Mas pra quê privatizar então? Bom, temos visto que questões de energia e transportes têm desviado constantemente o olhar do governo. O governo deixa de se preocupar com questões essenciais como saúde, educação e assistência social, para se entreter com interveções diretas na economia. Não é bom que o governo interfira diretamente na economia. É preferível que garanta um ambiente saudável para a livre concorrência e iniciativa, buscando investir o dinheiro público e o esforço dos servidores em questões que possam reduzir a desigualdade social e garantir o aumento do IDH (Índice de Desenvolvimento Humano) no país. A Petrobrás privatizada não será um mal para o país assim como também a privatização da Vale não o foi. A Vale é hoje a segunda maior mineradora do mundo! Antes da privatização estava em quinto ou sexto lugar. Segundo pesquisas na própria empresa ela caminha para liderar o cenário mundial nos próximos cinco anos! E o dono da maior parte das ações da empresa é um brasileiro! A empresa não deixou de ser brasileira e nem de contribuir para o crescimento do país. Aliás, hoje ela paga muito mais impostos, pelo fato de ser totalmente privada, o que não ocorre com a Petrobrás. A privatização da Petrobrás aumentaria a arrecadação do governo no curto prazo e também no médio e longo.

O governo Lula tem descoberto como é bom essa questão de privatizar. Recentemente anunciou a venda de várias rodovias em Minas Gerais e em todo o sudeste. A privatização delas garantiu um investimento de mais de 25 milhões que garantirá a duplicação de vários trechos complicados e o aumento da segurança para milhões de brasileiros que transitam pelas estradas do país. A iniciativa privada tem se mostrado mais dinâmica que o governo nesse sentido. O presidente desde 2003 estava tentando resolver o problema das estradas sozinho e só tinha conseguido tampar alguns buracos, mesmo assim de forma extremamente “porca”. Da mesma forma o leilão de blocos com prováveis reservas energéticas espalhados por todo o Brasil é outra prova do reconhecimento de que é preciso caminhar de mãos dadas com a iniciativa privada. Agora é a vez da Petrobrás.

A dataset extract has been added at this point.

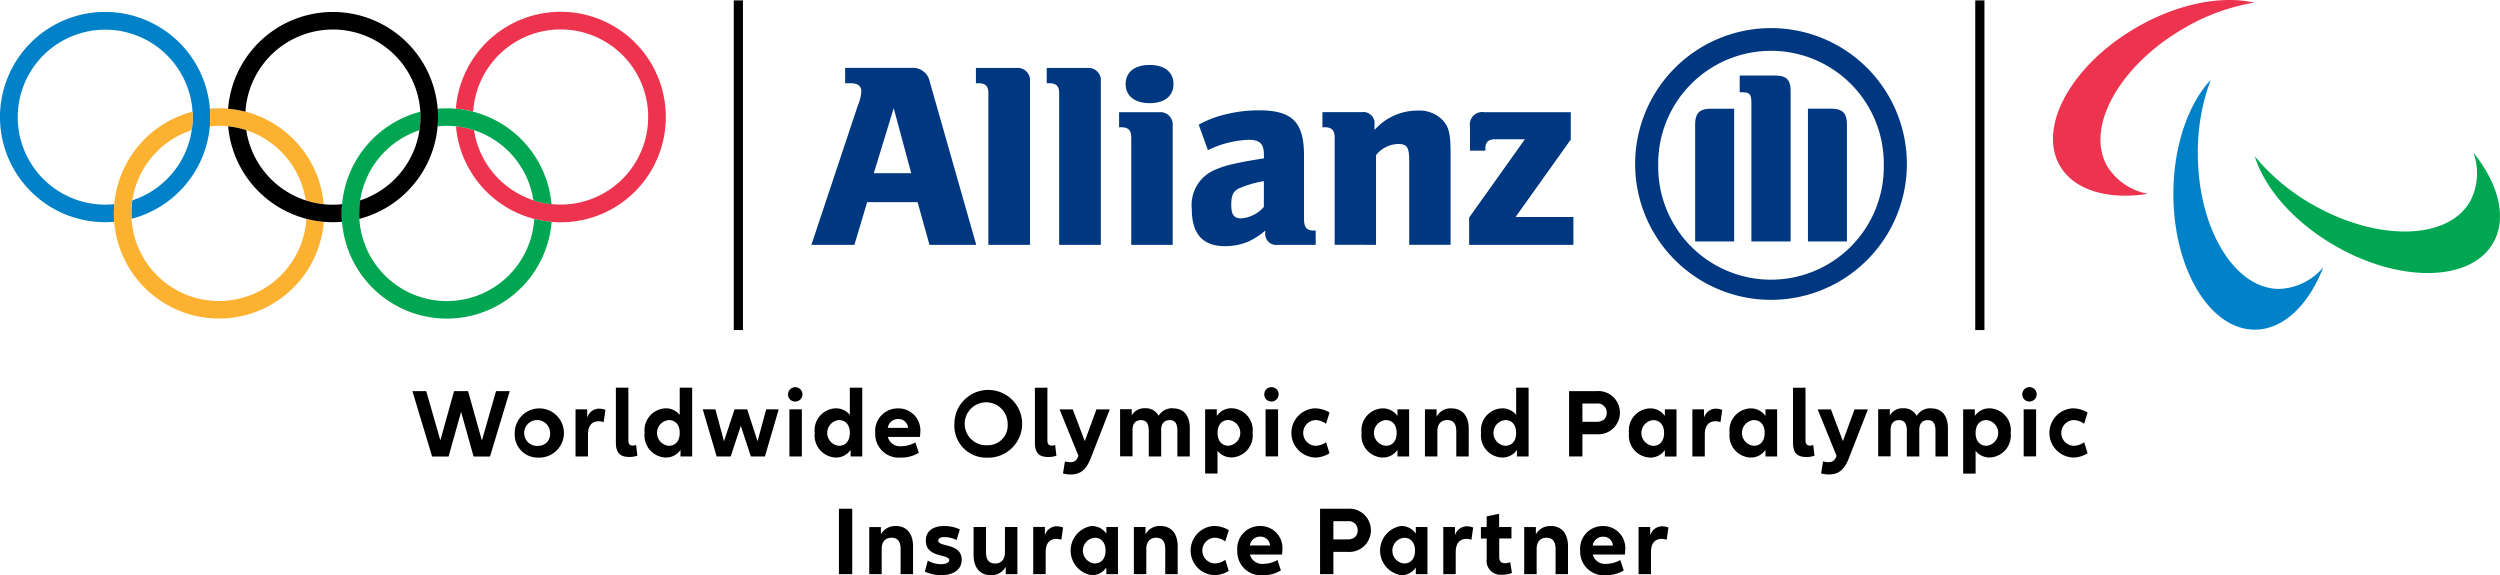 <svg id="Ebene_1" data-name="Ebene 1" xmlns="http://www.w3.org/2000/svg" width="208.623" height="48" viewBox="0 0 208.623 48"><defs><style>.cls-1{fill:#ee334e;}.cls-2{fill:#00a651;}.cls-3{fill:#0081c8;}.cls-4{fill:#003781;}.cls-5{fill:#fcb131;}</style></defs><title>AZ_OPM_G_IOCIPC_WOPIP_hor_rgb_AEM_web</title><path class="cls-1" d="M188.111.22c-2.683-.617-6.347.063-9.809,2.062-5.415,3.125-8.284,8.294-6.409,11.543,1.2,2.077,4.046,2.867,7.357,2.35a5.048,5.048,0,0,1-3.393-2.282c-1.876-3.249.993-8.418,6.408-11.545A17.127,17.127,0,0,1,188.111.22"/><path class="cls-2" d="M188.158,13.04c.806,2.633,3.227,5.465,6.689,7.463,5.415,3.126,11.326,3.028,13.2-.221,1.2-2.078.459-4.937-1.643-7.546a5.052,5.052,0,0,1-.28,4.08c-1.876,3.249-7.787,3.348-13.2.222a17.13,17.13,0,0,1-4.766-4"/><path class="cls-3" d="M184.485,6.662c-1.876,2.015-3.118,5.528-3.118,9.525,0,6.253,3.041,11.322,6.793,11.322,2.4,0,4.5-2.07,5.714-5.2a5.057,5.057,0,0,1-3.674,1.8c-3.753,0-6.794-5.069-6.794-11.322a17.152,17.152,0,0,1,1.079-6.127"/><path class="cls-4" d="M76.04,14.451H72.919L74.58,9.029ZM71.3,20.432l1.064-3.564h4.207l.995,3.564h3.9L77.593,6.838A1.435,1.435,0,0,0,76.04,5.664H70.528V6.947h.463c.575,0,.887.225.887.666a3.554,3.554,0,0,1-.293,1.193L67.71,20.432Z"/><path class="cls-4" d="M85.953,20.432V6.8a1.028,1.028,0,0,0-1.105-1.131H81.44V6.947h.222c.575,0,.817.245.817.825v12.66Z"/><path class="cls-4" d="M91.863,20.432V6.8a1.031,1.031,0,0,0-1.107-1.131H87.348V6.947h.218c.577,0,.821.245.821.825v12.66Z"/><path class="cls-4" d="M97.924,7.012c0-.99-.732-1.591-1.992-1.591-1.238,0-2,.6-2,1.591s.757,1.595,2,1.595c1.26,0,1.992-.594,1.992-1.595m-.064,13.42V10.49a1.031,1.031,0,0,0-1.11-1.128H93.386v1.261h.2c.575,0,.818.264.818.841v8.968Z"/><path class="cls-4" d="M105.469,15.115v2.152a2.816,2.816,0,0,1-1.879.956c-.623,0-.842-.307-.842-1.135s.174-1.192.8-1.433a8.9,8.9,0,0,1,1.926-.54M100.8,12.531a8.362,8.362,0,0,1,3.41-.864c.932,0,1.264.332,1.264,1.3v.247c-1.416.224-1.858.314-2.657.491a7.89,7.89,0,0,0-1.308.418,3.178,3.178,0,0,0-2.056,3.3c0,2.1.907,3.12,2.787,3.12a5.018,5.018,0,0,0,1.863-.352,6.166,6.166,0,0,0,1.484-.949v.154a.923.923,0,0,0,1.04,1.038h3.165V19.24h-.155c-.6,0-.818-.268-.818-.975V12.993c0-2.81-.975-3.788-3.789-3.788a11.761,11.761,0,0,0-2.653.313,8.921,8.921,0,0,0-2.346.885Z"/><path class="cls-4" d="M114.829,20.432V12.948a2.422,2.422,0,0,1,1.861-.932c.733,0,.908.289.908,1.4v7.013h3.453V12.906c0-1.752-.128-2.3-.683-2.9a2.7,2.7,0,0,0-2.085-.777,4.781,4.781,0,0,0-3.581,1.616V10.4a.936.936,0,0,0-1.067-1.041h-3.279v1.261h.2c.575,0,.821.264.821.841v8.968Z"/><path class="cls-4" d="M131.3,18.107h-4.827l4.607-6.461V9.362h-7.216a1.039,1.039,0,0,0-1.195,1.2v2.011h1.283v-.2c0-.508.265-.751.815-.751h2.483l-4.65,6.532v2.278h8.7Z"/><path class="cls-4" d="M149.427,20.15V7.637c0-1-.353-1.332-1.323-1.332h-2.927V7.7h.175c.669,0,.8.15.8.955V20.15Zm1.444,0h3.254V10.4c0-.977-.378-1.33-1.332-1.33h-1.922Zm-6.158,0V9.074h-1.927c-.953,0-1.327.353-1.327,1.33V20.15ZM157.2,13.79a9.412,9.412,0,1,1-18.822,0,9.412,9.412,0,1,1,18.822,0m1.927,0a11.338,11.338,0,1,0-22.675,0,11.338,11.338,0,0,0,22.675,0"/><path class="cls-3" d="M17.545,9.768a8.773,8.773,0,1,0-8.773,8.773c.256,0,.509-.012.759-.033-.017-.23-.028-.463-.028-.7,0-.26.012-.518.034-.771-.252.025-.506.04-.765.04a7.3,7.3,0,1,1,2.276-.361,7.132,7.132,0,0,0-.083,1.092c0,.151.005.3.014.451a8.777,8.777,0,0,0,6.566-8.493"/><path class="cls-1" d="M55.56,9.768a8.772,8.772,0,0,1-17.511.771,7.193,7.193,0,0,1,1.509.321,7.307,7.307,0,1,0-.069-1.543,8.605,8.605,0,0,0-1.448-.248,8.773,8.773,0,0,1,17.519.7"/><path class="cls-2" d="M37.283,10.5a7.313,7.313,0,0,1,7.23,6.218,7.189,7.189,0,0,0,1.51.321,8.776,8.776,0,0,0-8.74-8c-.255,0-.509.012-.758.033.019.23.027.463.027.7,0,.26-.011.518-.033.771a7.415,7.415,0,0,1,.764-.039m7.3,7.761a7.311,7.311,0,1,1-9.57-7.4,7.4,7.4,0,0,0,.08-1.092c0-.151-.005-.3-.014-.45a8.773,8.773,0,1,0,10.953,9.191,8.652,8.652,0,0,1-1.449-.248"/><path class="cls-5" d="M17.512,10.539c.022-.255.032-.512.032-.771,0-.236-.008-.469-.027-.7q.375-.032.759-.032a8.773,8.773,0,0,1,8.739,8,7.271,7.271,0,0,1-1.508-.321A7.315,7.315,0,0,0,18.276,10.5a7.13,7.13,0,0,0-.764.04m9.509,7.969A8.773,8.773,0,1,1,16.069,9.317c.01.149.014.3.014.451A7.556,7.556,0,0,1,16,10.86a7.311,7.311,0,1,0,9.569,7.4,8.669,8.669,0,0,0,1.449.248"/><path d="M27.78,1a8.774,8.774,0,0,0-8.746,8.074,8.86,8.86,0,0,1,1.449.247,7.31,7.31,0,1,1,9.571,7.4,7.416,7.416,0,0,0-.081,1.092c0,.151,0,.3.013.451A8.773,8.773,0,0,0,27.78,1m0,16.083a7.31,7.31,0,0,1-7.229-6.219,7.341,7.341,0,0,0-1.511-.321,8.775,8.775,0,0,0,8.74,8q.383,0,.758-.033-.027-.345-.027-.7c0-.26.011-.516.034-.771a7.19,7.19,0,0,1-.765.04"/><rect x="61.232" y="0.034" width="0.767" height="27.509"/><rect x="164.833" y="0.034" width="0.767" height="27.509"/><path d="M138.722,43.919a1.047,1.047,0,0,0-1.014.76v-.7h-.972V47.91h1.038V46.07c0-.753.351-1.1.891-1.1a1.177,1.177,0,0,1,.417.074l.148-1.022a1.378,1.378,0,0,0-.508-.1m-4.951.866a.79.79,0,0,1,.826.738h-1.685a.853.853,0,0,1,.859-.738m1.855,1.089a1.835,1.835,0,0,0-1.872-1.979,1.884,1.884,0,0,0-1.889,2.052A1.967,1.967,0,0,0,134,48a2.752,2.752,0,0,0,1.5-.4l-.287-.866a2.433,2.433,0,0,1-1.169.319,1.048,1.048,0,0,1-1.129-.778h2.674a1.969,1.969,0,0,0,.032-.4M129.394,43.9a1.327,1.327,0,0,0-1.227.694v-.612h-.973V47.91h1.038V45.8c0-.589.312-.925.819-.925s.761.3.761.949V47.91h1.037V45.6c0-1.079-.53-1.708-1.455-1.708m-3.366,3.026A1.24,1.24,0,0,1,125.6,47c-.311,0-.491-.147-.491-.523V44.933h1.022v-.956H125.1v-1.1l-1.038.213v.892h-.482v.956h.482v1.718a1.165,1.165,0,0,0,1.267,1.308,2.511,2.511,0,0,0,.843-.147Zm-3.6-3a1.046,1.046,0,0,0-1.014.76v-.7h-.973V47.91h1.038V46.07c0-.753.352-1.1.892-1.1a1.181,1.181,0,0,1,.417.074l.147-1.022a1.369,1.369,0,0,0-.507-.1m-5.263,3.1a1.077,1.077,0,0,1,0-2.144c.565,0,.917.4.917,1.073s-.352,1.071-.917,1.071m-.254.981a1.455,1.455,0,0,0,1.236-.637v.547h.972V43.977h-.972v.555a1.455,1.455,0,0,0-1.236-.637,2.077,2.077,0,0,0,0,4.1m-4.465-2.985H111.27V43.493h1.179a.75.75,0,0,1,.85.769c0,.451-.3.753-.85.753m0-2.56h-2.291V47.91h1.112V46.053h1.179a1.806,1.806,0,1,0,0-3.6m-7.289,2.33a.79.79,0,0,1,.826.738H104.3a.854.854,0,0,1,.859-.738m1.856,1.089a1.836,1.836,0,0,0-1.872-1.979,1.884,1.884,0,0,0-1.89,2.052A1.967,1.967,0,0,0,105.389,48a2.741,2.741,0,0,0,1.5-.4l-.285-.866a2.437,2.437,0,0,1-1.17.319,1.046,1.046,0,0,1-1.128-.778h2.673a1.894,1.894,0,0,0,.033-.4M101.279,48a2.313,2.313,0,0,0,1.26-.36l-.287-.923a1.55,1.55,0,0,1-.908.3,1.074,1.074,0,0,1,0-2.144,1.469,1.469,0,0,1,.9.311l.3-.94a2.375,2.375,0,0,0-1.26-.351,2.054,2.054,0,0,0,0,4.1m-4.462-4.1a1.327,1.327,0,0,0-1.228.694v-.612h-.973V47.91h1.038V45.8c0-.589.312-.925.819-.925s.761.3.761.949V47.91h1.038V45.6c0-1.079-.531-1.708-1.455-1.708M91.34,47.019a1.077,1.077,0,0,1,0-2.144c.565,0,.916.4.916,1.073s-.351,1.071-.916,1.071M91.087,48a1.455,1.455,0,0,0,1.235-.637v.547h.972V43.977h-.972v.555a1.455,1.455,0,0,0-1.235-.637,2.077,2.077,0,0,0,0,4.1m-2.879-4.081a1.047,1.047,0,0,0-1.014.76v-.7h-.972V47.91H87.26V46.07c0-.753.351-1.1.891-1.1a1.177,1.177,0,0,1,.417.074l.148-1.022a1.378,1.378,0,0,0-.508-.1m-4.346.058V46.1c0,.589-.311.924-.818.924s-.762-.31-.762-.948V43.977H81.244v2.314c0,1.08.532,1.709,1.447,1.709a1.337,1.337,0,0,0,1.236-.7v.612H84.9V43.977ZM77.178,47.7a3.085,3.085,0,0,0,1.365.295c1.047,0,1.709-.474,1.709-1.283,0-1.433-1.955-1.024-1.955-1.605,0-.171.164-.286.524-.286a2.316,2.316,0,0,1,1.006.245l.27-.89a3.026,3.026,0,0,0-1.309-.278c-.957,0-1.528.433-1.528,1.217,0,1.466,1.955,1.1,1.955,1.629,0,.188-.255.336-.672.336a2.241,2.241,0,0,1-1.121-.3Zm-2.44-3.8a1.328,1.328,0,0,0-1.228.694v-.612h-.972V47.91h1.038V45.8c0-.589.31-.925.819-.925s.76.3.76.949V47.91h1.038V45.6c0-1.079-.53-1.708-1.455-1.708M70.007,47.91h1.112V42.455H70.007Z"/><path d="M172.948,38.184a2.313,2.313,0,0,0,1.26-.36l-.286-.923a1.554,1.554,0,0,1-.908.3,1.075,1.075,0,0,1,0-2.145,1.469,1.469,0,0,1,.9.311l.294-.939a2.376,2.376,0,0,0-1.26-.352,2.054,2.054,0,0,0,0,4.1m-4.075-.09h1.038V34.161h-1.038Zm.514-4.581a.6.6,0,1,0-.629-.6.586.586,0,0,0,.629.6M165.779,37.2c-.565,0-.917-.4-.917-1.072s.352-1.073.917-1.073a1.078,1.078,0,0,1,0,2.145m.262-3.125a1.463,1.463,0,0,0-1.245.637v-.555h-.972v5.365h1.038v-1.9a1.471,1.471,0,0,0,1.179.555,1.833,1.833,0,0,0,1.749-2.052,1.829,1.829,0,0,0-1.749-2.053m-4.883,0a1.323,1.323,0,0,0-1.211.629,1.192,1.192,0,0,0-1.12-.629,1.211,1.211,0,0,0-1.122.6v-.522h-.972v3.933h1.038V35.853c0-.507.261-.794.7-.794s.654.278.654.884v2.151h1.038V35.853c0-.507.262-.794.713-.794.433,0,.638.278.638.884v2.151h1.038V35.722c0-1.039-.515-1.643-1.39-1.643m-6.4.082-.973,2.65-1-2.65h-1.105l1.578,3.885c-.162.393-.342.524-.678.524a1.763,1.763,0,0,1-.45-.066l-.163,1a2.351,2.351,0,0,0,.63.09c.808,0,1.291-.368,1.676-1.332l1.6-4.1Zm-5.137-1.808v4.589c0,.841.344,1.193,1.095,1.193a1.952,1.952,0,0,0,.7-.106l-.107-.9a.679.679,0,0,1-.27.057c-.253,0-.376-.131-.376-.433v-4.4ZM146.344,37.2a1.077,1.077,0,0,1,0-2.145c.565,0,.916.4.916,1.073s-.351,1.072-.916,1.072m-.253.98a1.455,1.455,0,0,0,1.235-.637v.547h.972V34.161h-.972v.555a1.455,1.455,0,0,0-1.235-.637,1.831,1.831,0,0,0-1.759,2.053,1.835,1.835,0,0,0,1.759,2.052M143.212,34.1a1.047,1.047,0,0,0-1.014.76v-.7h-.972v3.933h1.038v-1.84c0-.753.351-1.1.891-1.1a1.181,1.181,0,0,1,.417.074l.148-1.021a1.359,1.359,0,0,0-.508-.1m-5.262,3.1a1.077,1.077,0,0,1,0-2.145c.564,0,.916.4.916,1.073s-.352,1.072-.916,1.072m-.255.98a1.455,1.455,0,0,0,1.236-.637v.547h.973V34.161h-.973v.555a1.455,1.455,0,0,0-1.236-.637,1.83,1.83,0,0,0-1.758,2.053,1.834,1.834,0,0,0,1.758,2.052M133.23,35.2h-1.179V33.677h1.179a.751.751,0,0,1,.851.77c0,.45-.3.752-.851.752m0-2.56h-2.29v5.455h1.111V36.237h1.179a1.806,1.806,0,1,0,0-3.6M125.606,37.2a1.077,1.077,0,0,1,0-2.145c.565,0,.916.4.916,1.073s-.351,1.072-.916,1.072m.916-4.851v2.281a1.44,1.44,0,0,0-1.169-.555,1.83,1.83,0,0,0-1.759,2.053,1.834,1.834,0,0,0,1.759,2.052,1.456,1.456,0,0,0,1.235-.637v.547h.972V32.353Zm-5.412,1.726a1.327,1.327,0,0,0-1.227.694v-.612h-.973v3.933h1.038v-2.11c0-.589.312-.925.819-.925s.76.3.76.949v2.086h1.038V35.787c0-1.079-.53-1.708-1.455-1.708M115.634,37.2a1.077,1.077,0,0,1,0-2.145c.564,0,.916.4.916,1.073s-.352,1.072-.916,1.072m-.254.98a1.458,1.458,0,0,0,1.236-.637v.547h.973V34.161h-.973v.555a1.458,1.458,0,0,0-1.236-.637,1.83,1.83,0,0,0-1.757,2.053,1.834,1.834,0,0,0,1.757,2.052m-5.693,0a2.313,2.313,0,0,0,1.26-.36l-.287-.923a1.551,1.551,0,0,1-.907.3,1.075,1.075,0,0,1,0-2.145,1.464,1.464,0,0,1,.9.311l.3-.939a2.376,2.376,0,0,0-1.26-.352,2.054,2.054,0,0,0,0,4.1m-4.077-.09h1.038V34.161H105.61Zm.516-4.581a.6.6,0,1,0-.63-.6.586.586,0,0,0,.63.6m-3.61,3.691c-.564,0-.916-.4-.916-1.072s.352-1.073.916-1.073a1.077,1.077,0,0,1,0,2.145m.263-3.125a1.459,1.459,0,0,0-1.244.637v-.555h-.973v5.365H101.6v-1.9a1.471,1.471,0,0,0,1.179.555,1.833,1.833,0,0,0,1.75-2.052,1.829,1.829,0,0,0-1.75-2.053m-4.882,0a1.325,1.325,0,0,0-1.212.629,1.192,1.192,0,0,0-1.12-.629,1.21,1.21,0,0,0-1.121.6v-.522h-.973v3.933h1.038V35.853c0-.507.262-.794.7-.794s.655.278.655.884v2.151H96.9V35.853c0-.507.262-.794.711-.794s.639.278.639.884v2.151h1.038V35.722c0-1.039-.515-1.643-1.389-1.643m-6.4.082-.974,2.65-1.006-2.65h-1.1l1.579,3.885c-.164.393-.344.524-.679.524a1.756,1.756,0,0,1-.45-.066l-.164,1a2.362,2.362,0,0,0,.63.09c.81,0,1.293-.368,1.677-1.332l1.6-4.1Zm-5.137-1.808v4.589c0,.841.342,1.193,1.095,1.193a1.945,1.945,0,0,0,.7-.106l-.106-.9a.687.687,0,0,1-.27.057c-.254,0-.376-.131-.376-.433v-4.4Zm-3.945,4.8a1.792,1.792,0,1,1,1.67-1.783,1.65,1.65,0,0,1-1.67,1.783m0,1.038a2.826,2.826,0,1,0-2.772-2.821,2.662,2.662,0,0,0,2.772,2.821m-7.467-3.223a.79.79,0,0,1,.826.738H74.085a.854.854,0,0,1,.859-.738M76.8,36.058a1.836,1.836,0,0,0-1.872-1.979,1.884,1.884,0,0,0-1.89,2.052,1.967,1.967,0,0,0,2.135,2.053,2.743,2.743,0,0,0,1.5-.4l-.286-.866a2.422,2.422,0,0,1-1.169.319,1.048,1.048,0,0,1-1.129-.778h2.674a1.894,1.894,0,0,0,.033-.4M70,37.2a1.078,1.078,0,0,1,0-2.145c.566,0,.917.4.917,1.073S70.565,37.2,70,37.2m.917-4.851v2.281a1.443,1.443,0,0,0-1.17-.555,1.83,1.83,0,0,0-1.758,2.053,1.834,1.834,0,0,0,1.758,2.052,1.456,1.456,0,0,0,1.236-.637v.547h.972V32.353Zm-5.041,5.741h1.038V34.161H65.875Zm.515-4.581a.6.6,0,1,0-.629-.6.587.587,0,0,0,.629.6m-2.453.648-.72,2.666-.867-2.666H61.3l-.884,2.666L59.7,34.161H58.644l1.162,3.933h1.17l.842-2.559.843,2.559H63.83l1.153-3.933ZM55.806,37.2a1.077,1.077,0,0,1,0-2.145c.564,0,.916.4.916,1.073S56.37,37.2,55.806,37.2m.916-4.851v2.281a1.443,1.443,0,0,0-1.17-.555,1.831,1.831,0,0,0-1.758,2.053,1.835,1.835,0,0,0,1.758,2.052,1.456,1.456,0,0,0,1.236-.637v.547h.972V32.353Zm-5.328,0v4.589c0,.841.344,1.193,1.095,1.193a1.945,1.945,0,0,0,.7-.106l-.106-.9a.687.687,0,0,1-.27.057c-.254,0-.376-.131-.376-.433v-4.4ZM50.016,34.1a1.047,1.047,0,0,0-1.015.76v-.7h-.972v3.933h1.038v-1.84c0-.753.351-1.1.891-1.1a1.182,1.182,0,0,1,.418.074l.147-1.021a1.358,1.358,0,0,0-.507-.1m-5.062,3.1a1.081,1.081,0,1,1,.949-1.072.976.976,0,0,1-.949,1.072m0,.98a2.053,2.053,0,1,0-2-2.052,1.923,1.923,0,0,0,2,2.052m-3.562-5.545-1.178,4.123-1.153-4.123h-1.17l-1.144,4.106-1.178-4.106H34.416l1.644,5.455h1.373l1.047-3.729,1.039,3.729h1.374l1.644-5.455Z"/></svg>

O governo pode negociar o restante das ações públicas, pode organizar a venda numa licitação de modalidade Concorrência ou pode simplesmente lançar mais ações no mercado ficando com uma parcela menor do que 51%. No último caso o governo usufrui dos benefícios que uma empresa privada pode trazer ao país no sentido de mais dinamismo e também mantém sua parcela da empresa garantindo sua parte na hora da repartição dos lucros. Nossa, e ainda tem as hidrelétricas e termelétricas pra privatizar… vamos deixar o governo somente com o serviço que deve realizar prioritariamente: o cuidado com o social!